PROMPT: Restate word for word the entries below, starting with the line with "An aerial image. It shows: Path" and continuing through the line with "Nodule present: no". Include both of those lines and no others.

EXCERPTED DATA:
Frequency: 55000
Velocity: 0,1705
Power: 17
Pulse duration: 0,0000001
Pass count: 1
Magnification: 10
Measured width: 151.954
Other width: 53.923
==
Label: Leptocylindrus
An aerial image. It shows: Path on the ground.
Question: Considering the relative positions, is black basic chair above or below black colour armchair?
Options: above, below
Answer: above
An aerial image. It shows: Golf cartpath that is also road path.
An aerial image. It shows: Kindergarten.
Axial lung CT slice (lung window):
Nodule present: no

WRITTEN RESPONSE:
An aerial image. It shows: Path on the ground.
Question: Considering the relative positions, is black basic chair above or below black colour armchair?
Options: above, below
Answer: above
An aerial image. It shows: Golf cartpath that is also road path.
An aerial image. It shows: Kindergarten.
Axial lung CT slice (lung window):
Nodule present: no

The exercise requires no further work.